Before writing out the records, remove the pictures; keep everything else exact.

■ ■ ■ ■

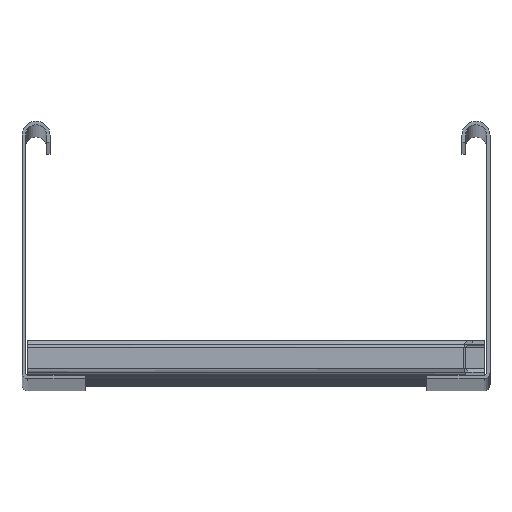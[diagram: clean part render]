
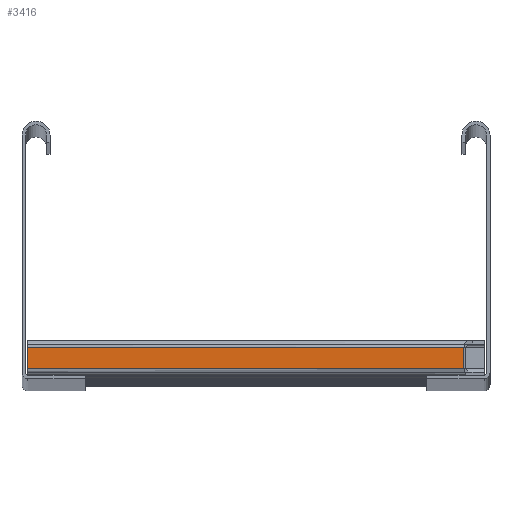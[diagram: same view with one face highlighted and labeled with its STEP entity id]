
A CAD part, top view. The second image highlights one B-rep face of the part: STEP entity #3416.
In plain terms, the highlighted face is planar.
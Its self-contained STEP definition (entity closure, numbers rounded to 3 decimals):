
#2860=DIRECTION('',(0.,0.,-1.));
#2861=VECTOR('',#2860,186.34);
#2862=CARTESIAN_POINT('',(0.,3.,
186.34));
#2863=LINE('',#2862,#2861);
#2940=DIRECTION('',(0.,1.,0.));
#2941=VECTOR('',#2940,9.);
#2942=CARTESIAN_POINT('',(0.,3.,
186.34));
#2943=LINE('',#2942,#2941);
#2944=DIRECTION('',(0.,-1.,0.));
#2945=VECTOR('',#2944,9.);
#2946=CARTESIAN_POINT('',(0.,12.,0.));
#2947=LINE('',#2946,#2945);
#2948=DIRECTION('',(0.,0.,1.));
#2949=VECTOR('',#2948,186.34);
#2950=CARTESIAN_POINT('',(0.,12.,0.));
#2951=LINE('',#2950,#2949);
#2986=CARTESIAN_POINT('',(0.,12.,0.));
#2987=VERTEX_POINT('',#2986);
#2988=CARTESIAN_POINT('',(0.,3.,0.));
#2989=VERTEX_POINT('',#2988);
#3004=CARTESIAN_POINT('',(0.,3.,
186.34));
#3005=CARTESIAN_POINT('',(0.,12.,186.34));
#3006=VERTEX_POINT('',#3004);
#3007=VERTEX_POINT('',#3005);
#3404=CARTESIAN_POINT('',(0.,0.,-300.));
#3405=DIRECTION('',(-1.,0.,0.));
#3406=DIRECTION('',(0.,1.,0.));
#3407=AXIS2_PLACEMENT_3D('',#3404,#3405,#3406);
#3408=PLANE('',#3407);
#3410=ORIENTED_EDGE('',*,*,#3409,.T.);
#3411=ORIENTED_EDGE('',*,*,#3328,.F.);
#3412=ORIENTED_EDGE('',*,*,#3313,.T.);
#3413=ORIENTED_EDGE('',*,*,#3078,.F.);
#3414=EDGE_LOOP('',(#3410,#3411,#3412,#3413));
#3415=FACE_OUTER_BOUND('',#3414,.F.);
#3416=ADVANCED_FACE('',(#3415),#3408,.T.);
#3078=EDGE_CURVE('',#2987,#2989,#2947,.T.);
#3313=EDGE_CURVE('',#3006,#2989,#2863,.T.);
#3328=EDGE_CURVE('',#3006,#3007,#2943,.T.);
#3409=EDGE_CURVE('',#2987,#3007,#2951,.T.);

■ ■ ■ ■

> [RESULT BELOW]:
[diagram: clean part render]
[diagram: same view with one face highlighted and labeled with its STEP entity id]
A CAD part, top view. The second image highlights one B-rep face of the part: STEP entity #3416.
In plain terms, the highlighted face is planar.
Its self-contained STEP definition (entity closure, numbers rounded to 3 decimals):
#2860=DIRECTION('',(0.,0.,-1.));
#2861=VECTOR('',#2860,186.34);
#2862=CARTESIAN_POINT('',(0.,3.,
186.34));
#2863=LINE('',#2862,#2861);
#2940=DIRECTION('',(0.,1.,0.));
#2941=VECTOR('',#2940,9.);
#2942=CARTESIAN_POINT('',(0.,3.,
186.34));
#2943=LINE('',#2942,#2941);
#2944=DIRECTION('',(0.,-1.,0.));
#2945=VECTOR('',#2944,9.);
#2946=CARTESIAN_POINT('',(0.,12.,0.));
#2947=LINE('',#2946,#2945);
#2948=DIRECTION('',(0.,0.,1.));
#2949=VECTOR('',#2948,186.34);
#2950=CARTESIAN_POINT('',(0.,12.,0.));
#2951=LINE('',#2950,#2949);
#2986=CARTESIAN_POINT('',(0.,12.,0.));
#2987=VERTEX_POINT('',#2986);
#2988=CARTESIAN_POINT('',(0.,3.,0.));
#2989=VERTEX_POINT('',#2988);
#3004=CARTESIAN_POINT('',(0.,3.,
186.34));
#3005=CARTESIAN_POINT('',(0.,12.,186.34));
#3006=VERTEX_POINT('',#3004);
#3007=VERTEX_POINT('',#3005);
#3404=CARTESIAN_POINT('',(0.,0.,-300.));
#3405=DIRECTION('',(-1.,0.,0.));
#3406=DIRECTION('',(0.,1.,0.));
#3407=AXIS2_PLACEMENT_3D('',#3404,#3405,#3406);
#3408=PLANE('',#3407);
#3410=ORIENTED_EDGE('',*,*,#3409,.T.);
#3411=ORIENTED_EDGE('',*,*,#3328,.F.);
#3412=ORIENTED_EDGE('',*,*,#3313,.T.);
#3413=ORIENTED_EDGE('',*,*,#3078,.F.);
#3414=EDGE_LOOP('',(#3410,#3411,#3412,#3413));
#3415=FACE_OUTER_BOUND('',#3414,.F.);
#3416=ADVANCED_FACE('',(#3415),#3408,.T.);
#3078=EDGE_CURVE('',#2987,#2989,#2947,.T.);
#3313=EDGE_CURVE('',#3006,#2989,#2863,.T.);
#3328=EDGE_CURVE('',#3006,#3007,#2943,.T.);
#3409=EDGE_CURVE('',#2987,#3007,#2951,.T.);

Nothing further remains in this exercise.